Though Walker and his co-author, Noah Parnes, held a staged reading of the play at Yale, this was the first full-scale production of the musical, with costumes, set design, lighting and the other trappings of a production. “One of the main differences for me was that it did not feel like I was the only engine making the thing go,” Walker says. “It was so beautiful to see it brought to life in such a different way.”

Walker feels lucky to have worked in Exeter’s Music Department “at a pretty pivotal time in its history.” Like Johnson, he sees the importance of Schultz’s and Rabb’s roles in centering contemporary music — both electronic and emerging music and jazz — in the program in a way they haven’t been before.
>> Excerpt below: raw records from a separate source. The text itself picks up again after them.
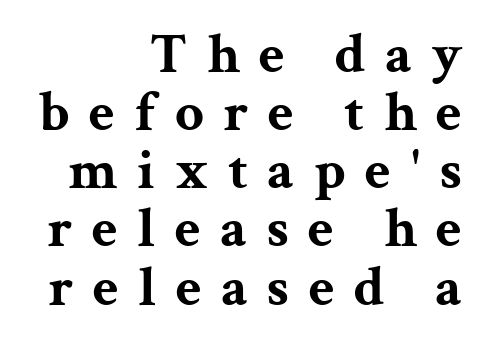
The image shows 57 px bold, wide serif type, upright; set right-aligned, tight line spacing (1.02x), unusually wide letter spacing (+0.34 em), not underlined; medium stroke contrast and a medium x-height.
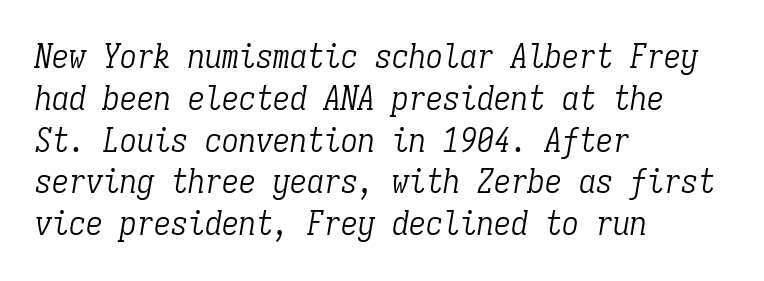
Q: Is the text bold? A: No.
Q: Is the text italic (slanted)? A: Yes, it leans right by about 9 degrees.
Q: Is the typeface a serif or a sans-serif typeface? A: Serif.
Q: Is the text underlined? A: No.
Q: How is the paragraph aligned? A: Left-aligned.
Q: Is the spacing between letters normal or unusually wide? A: Normal.
Q: Width (condensed, normal, or wide)? A: Condensed.
Q: Stroke contrast? A: Low.
Q: x-height? A: Medium.
Q: Monospaced? A: Yes.
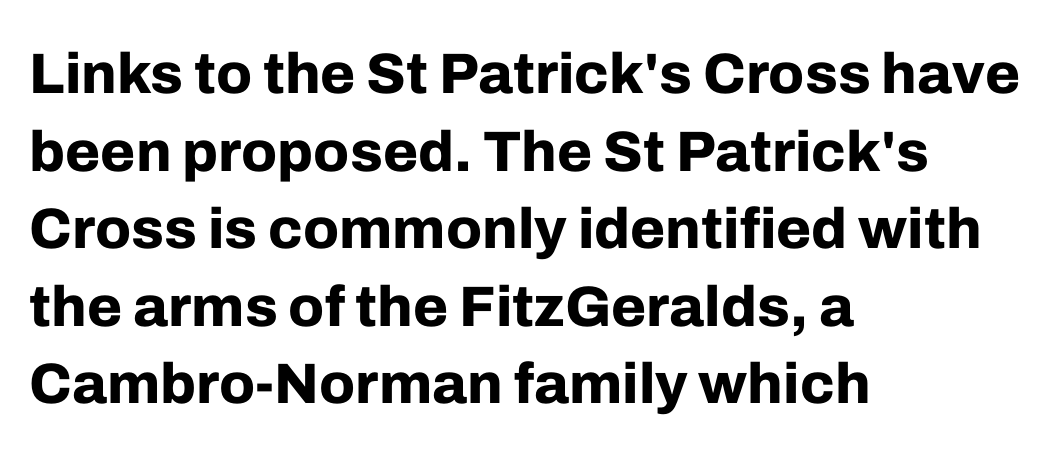
The image shows 57 px bold sans-serif type, upright; set left-aligned, normal line spacing (1.36x), normal letter spacing, not underlined; low stroke contrast and a medium x-height.
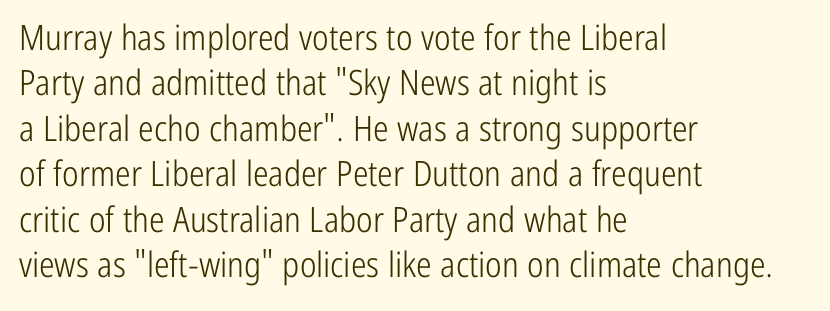
These lines are rendered in a variable-pitch font. Posture: vertical. The rag falls on the right side of this text block. The face looks like a standard text weight, possibly lighter.
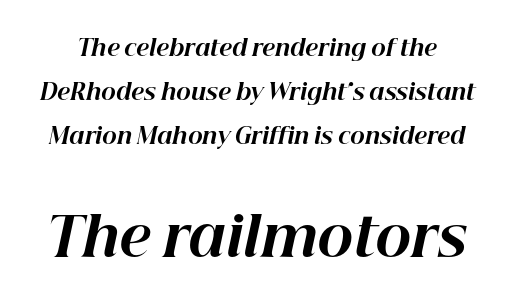
The image shows 54 px bold type, italic (leaning right); set loose line spacing (1.99x), normal letter spacing, not underlined; the second (bottom) block is 2.45x larger; high stroke contrast and a medium x-height.
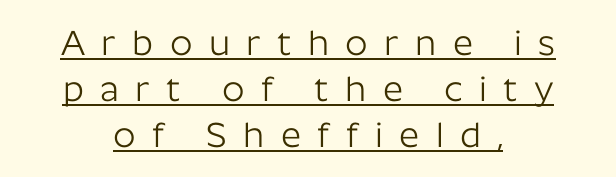
The image shows 35 px light sans-serif type, upright; set centered, normal line spacing (1.31x), unusually wide letter spacing (+0.47 em), underlined; low stroke contrast and a medium x-height.
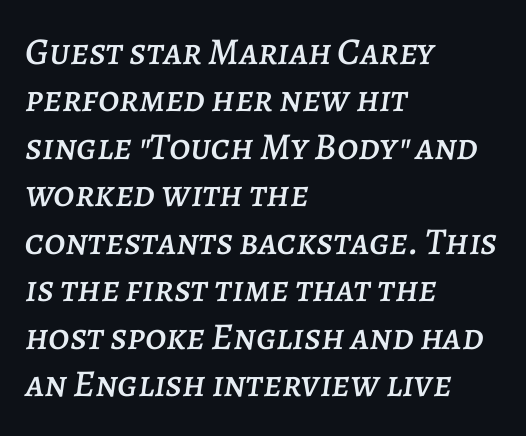
Q: Is the text italic (slanted)? A: Yes, it leans right by about 7 degrees.
Q: Is the text underlined? A: No.
Q: How is the paragraph aligned? A: Left-aligned.
Q: Is the spacing between letters normal or unusually wide? A: Normal.
Q: Is the spacing between lines tight, normal or loose? A: Normal.
Q: Width (condensed, normal, or wide)? A: Normal.
Q: Stroke contrast? A: Low.
Q: x-height? A: Large.
Q: Monospaced? A: No.
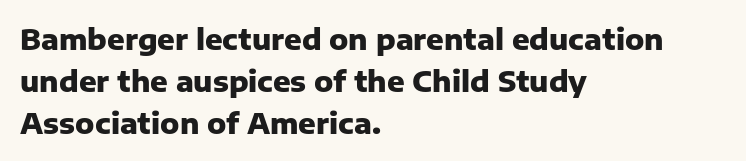
Q: Is the text bold? A: Yes.
Q: Is the text italic (slanted)? A: No, it is upright.
Q: Is the typeface a serif or a sans-serif typeface? A: Sans-serif.
Q: Is the text underlined? A: No.
Q: How is the paragraph aligned? A: Left-aligned.
Q: Is the spacing between letters normal or unusually wide? A: Normal.
Q: Is the spacing between lines tight, normal or loose? A: Normal.
Q: Width (condensed, normal, or wide)? A: Normal.
Q: Stroke contrast? A: Low.
Q: x-height? A: Medium.
Q: Monospaced? A: No.
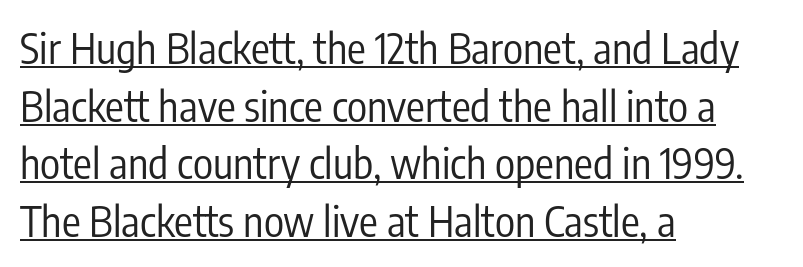
Posture: straight, roman, zero tilt. Descenders here cross a horizontal rule under the line. The passage shown is typed in a proportional face where columns would drift. Nothing unusual about the tracking: characters are spaced as the font intends. Where is the straight margin? On the left.
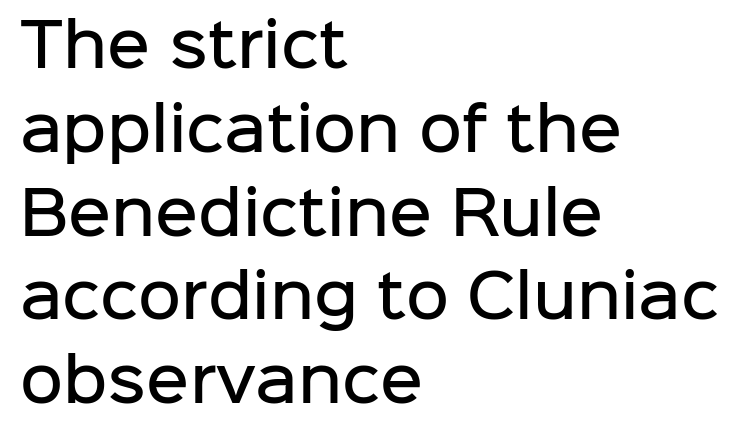
{"serif": "no", "italic": "no", "bold": "semi", "weight": "semibold", "width": "normal", "stroke_contrast": "low", "x_height": "medium", "monospaced": "no", "underline": "no", "align": "left", "line_spacing": "normal", "line_spacing_ratio": 1.42, "letter_spacing": "normal", "letter_spacing_em": 0.0, "glyph_px": 59}
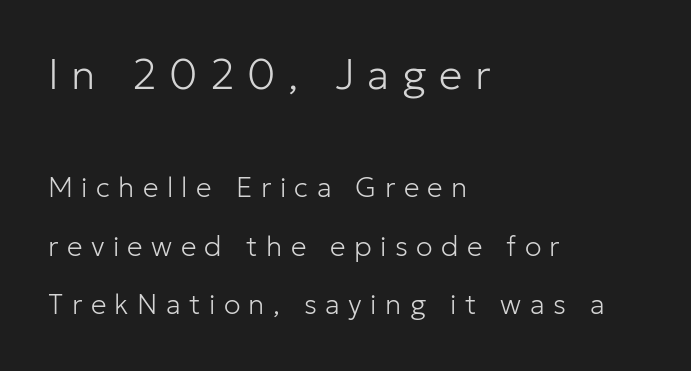
{"serif": "no", "italic": "no", "bold": "no", "weight": "light", "width": "normal", "stroke_contrast": "low", "x_height": "medium", "monospaced": "no", "underline": "no", "align": "left", "line_spacing": "loose", "line_spacing_ratio": 2.09, "letter_spacing": "wide", "letter_spacing_em": 0.3, "larger_block": "first", "size_ratio": 1.5, "glyph_px": 42}
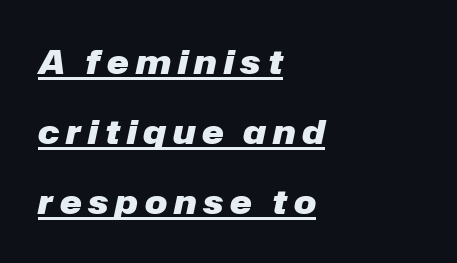
{"italic": "yes", "lean": "right", "slant_degrees": 12, "bold": "yes", "weight": "heavy", "width": "normal", "stroke_contrast": "low", "x_height": "medium", "monospaced": "no", "underline": "yes", "align": "left", "line_spacing": "loose", "line_spacing_ratio": 2.12, "letter_spacing": "wide", "letter_spacing_em": 0.21, "glyph_px": 33}
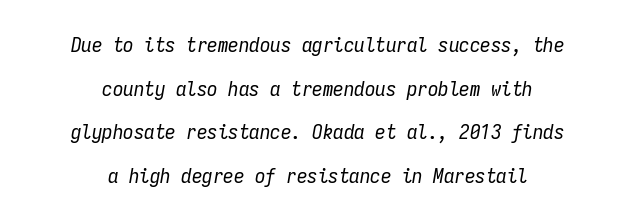
The image shows 21 px text type, italic (leaning right); set centered, loose line spacing (2.08x), normal letter spacing, not underlined.

“We talk all the time about how we want any student on campus to be able to come into our building and find a place where they fit in,” Walker says. “But it’s one thing to think that, and it’s another thing to really take a critical look at — OK, what do we teach? Who is full-time faculty? Where do we allocate our time and our resources? That’s something that has been happening at the school generally for the last couple of years, and something that I have felt the Music Department has really taken in stride, which has been great.”

Editor's note: This article first appeared in the spring 2021 issue of The Exeter Bulletin.